• Raw data
--*--
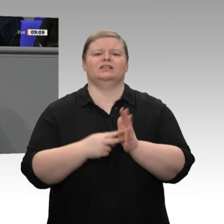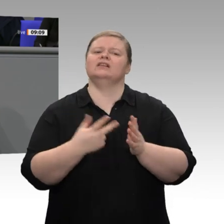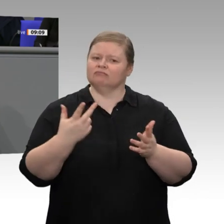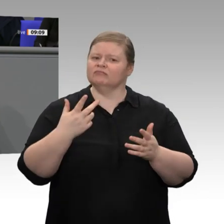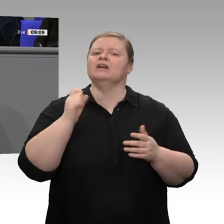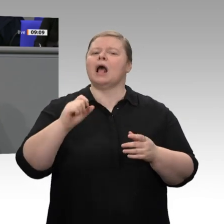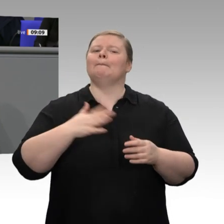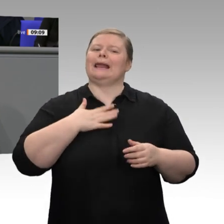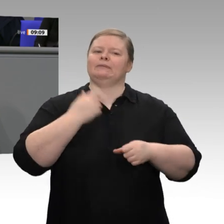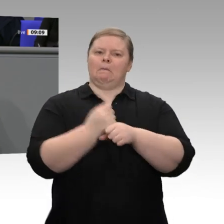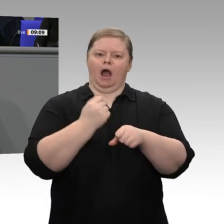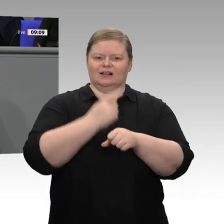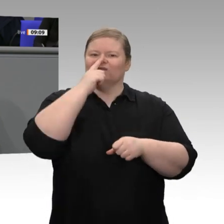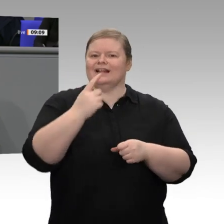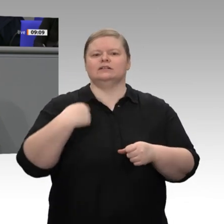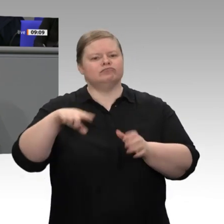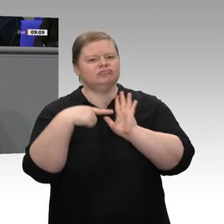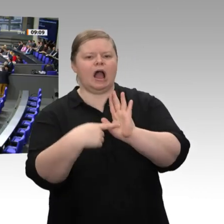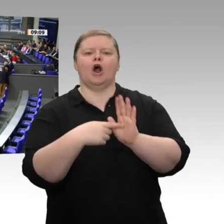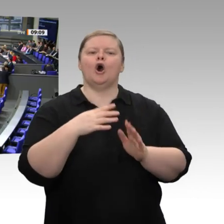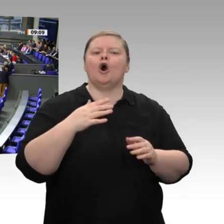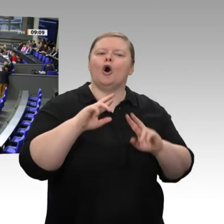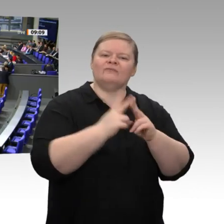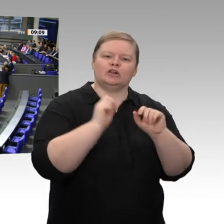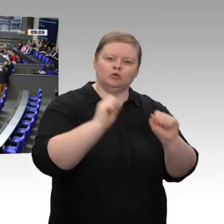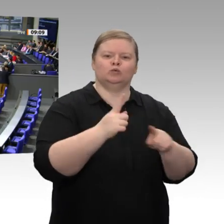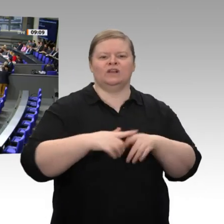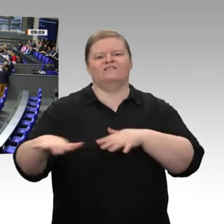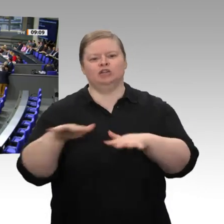wenn wir deutlich machen können, dass wir die Wettbewerbsfähigkeit erhalten. Deshalb
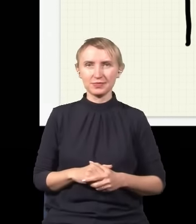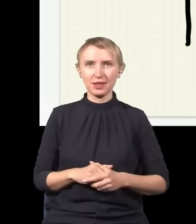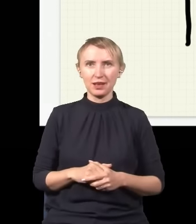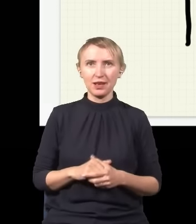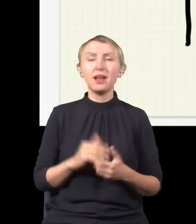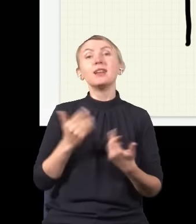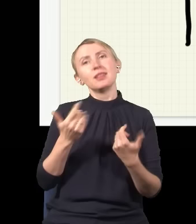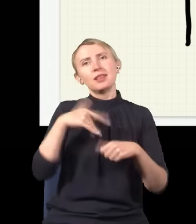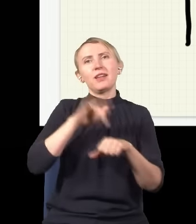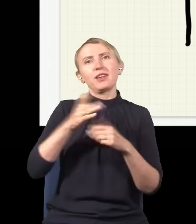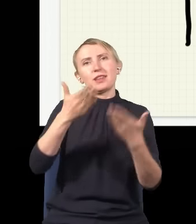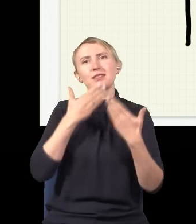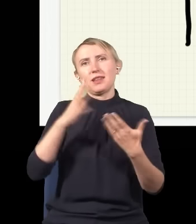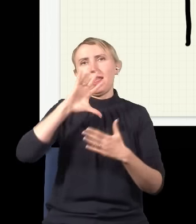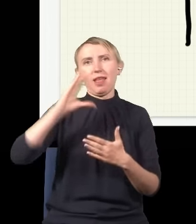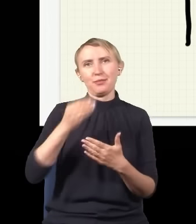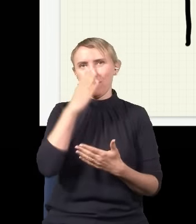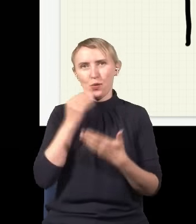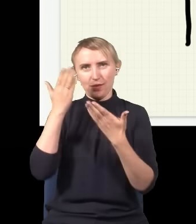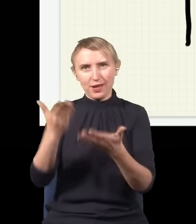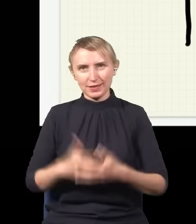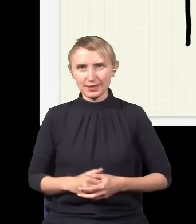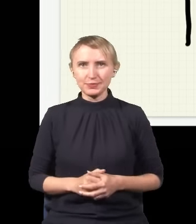i w wyniku tego dostajemy tego typu dziwny obraz.
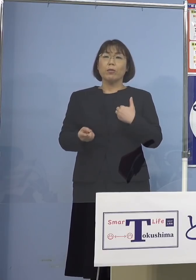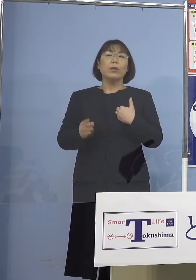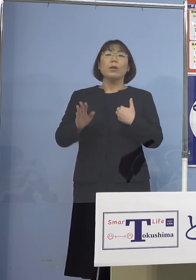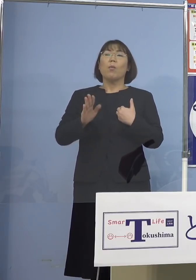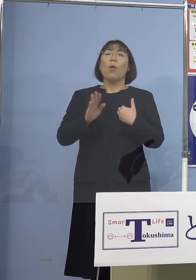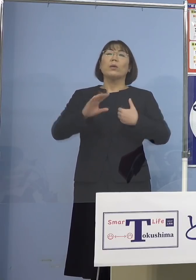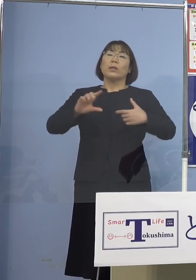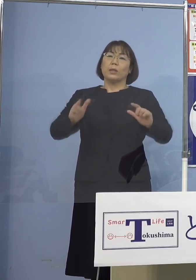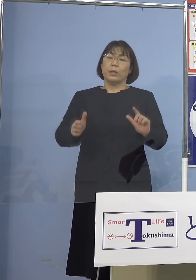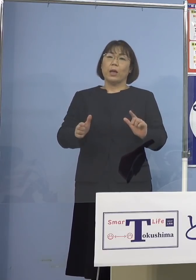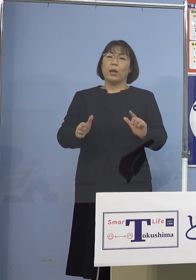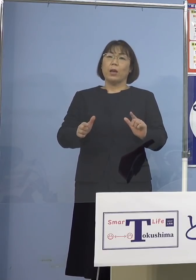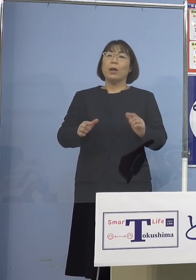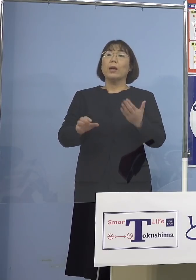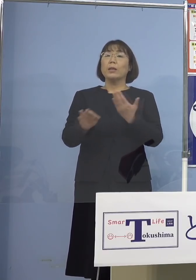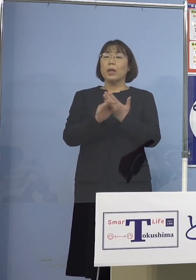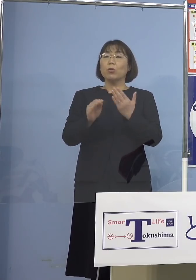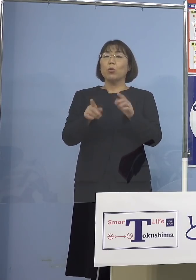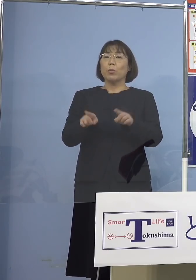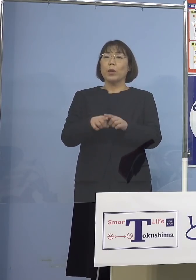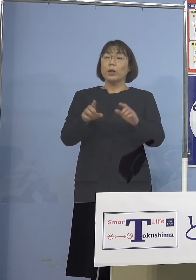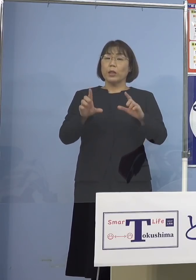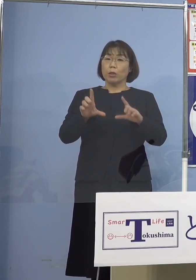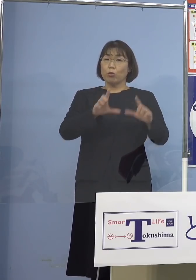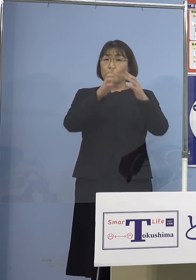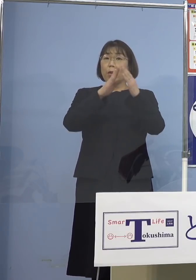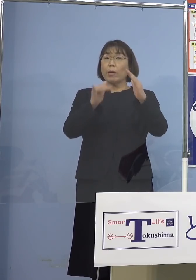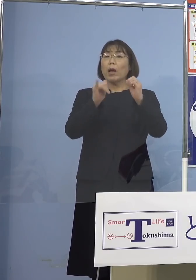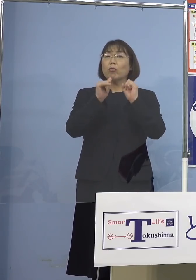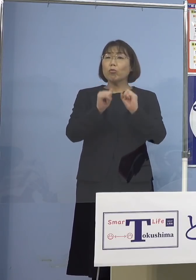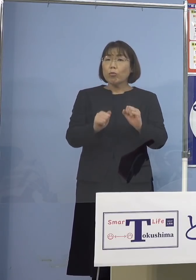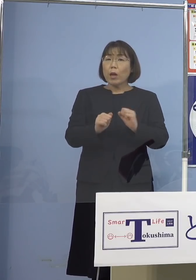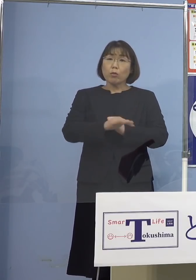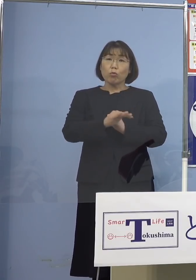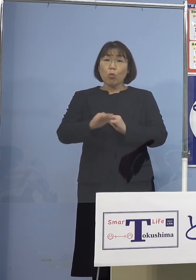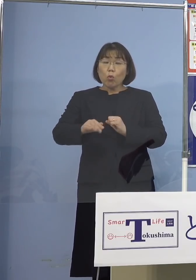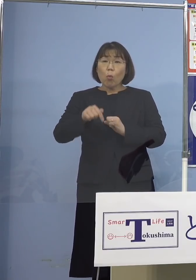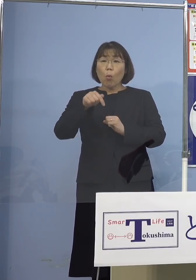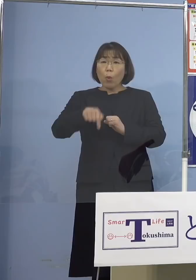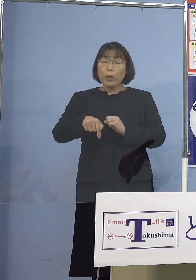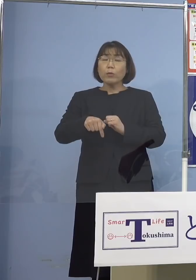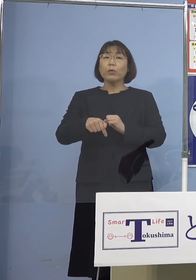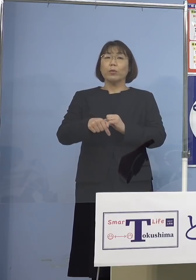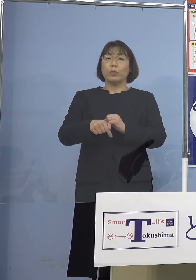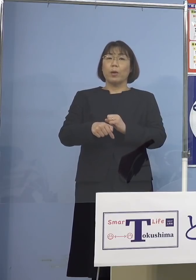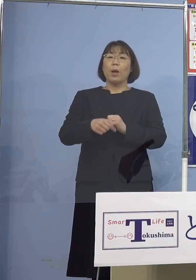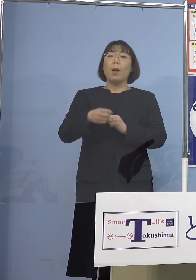例えば同居のご家族がおられたりして 子どもさんにあるいは親御さんに
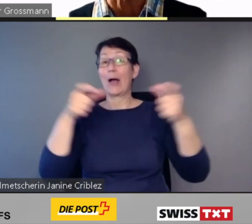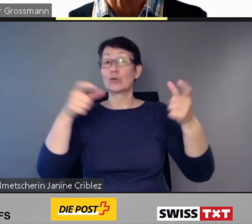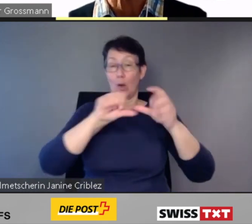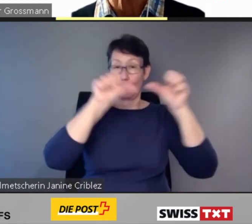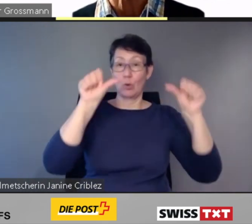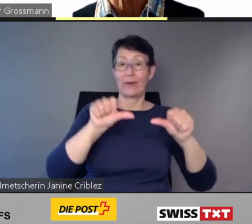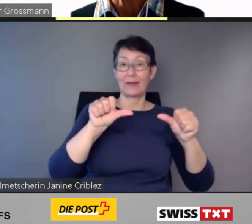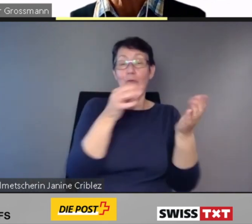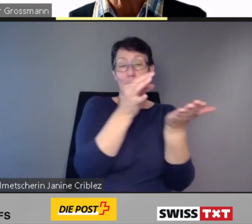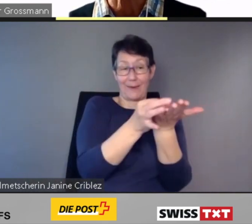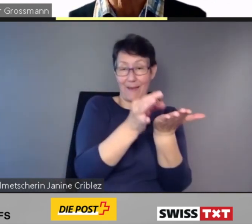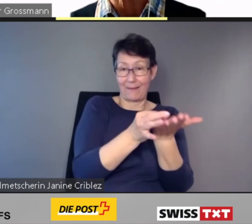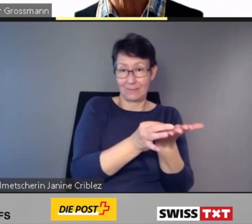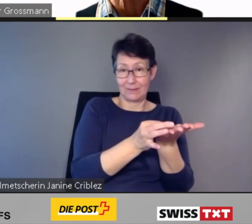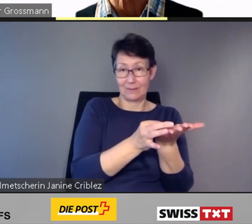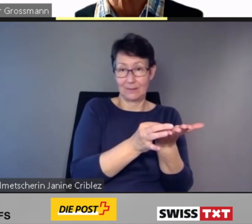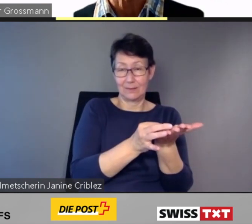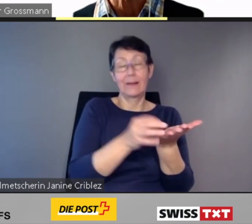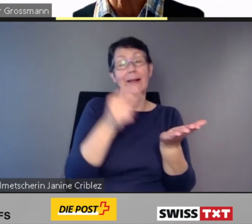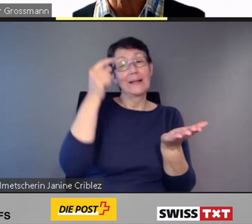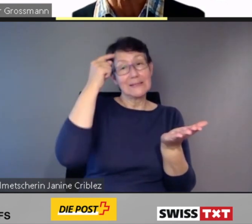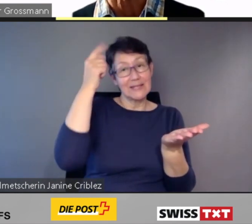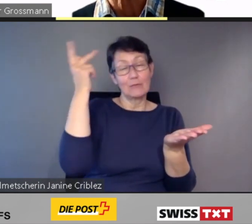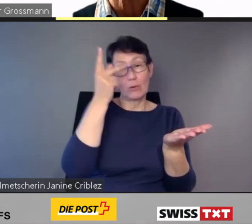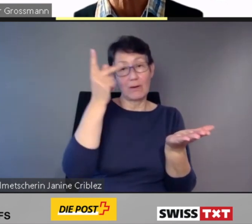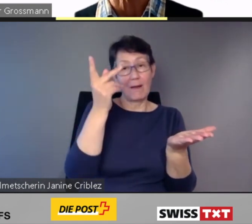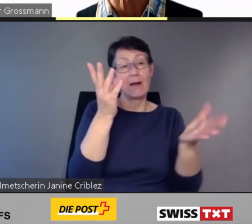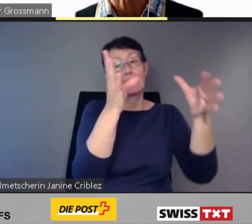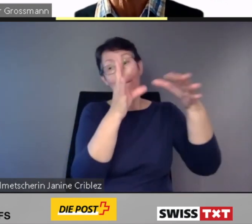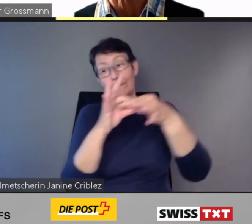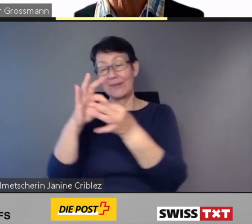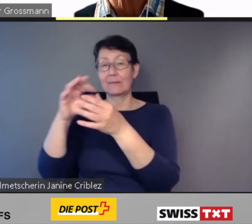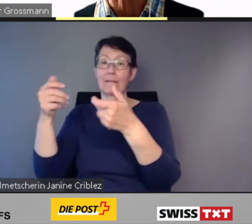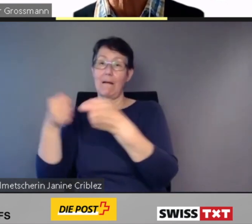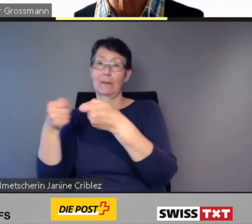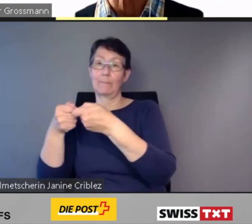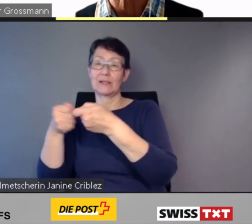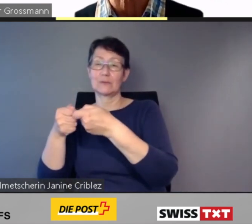die sinnvollerweise mit den Anpassungen an das Gleichstellungsgesetz koordiniert werden.
--*--
• Description of the task
All of the material should be reproduced exactly, apart from the pictures.

• Answer box
wenn wir deutlich machen können, dass wir die Wettbewerbsfähigkeit erhalten. Deshalb
i w wyniku tego dostajemy tego typu dziwny obraz.
例えば同居のご家族がおられたりして 子どもさんにあるいは親御さんに
die sinnvollerweise mit den Anpassungen an das Gleichstellungsgesetz koordiniert werden.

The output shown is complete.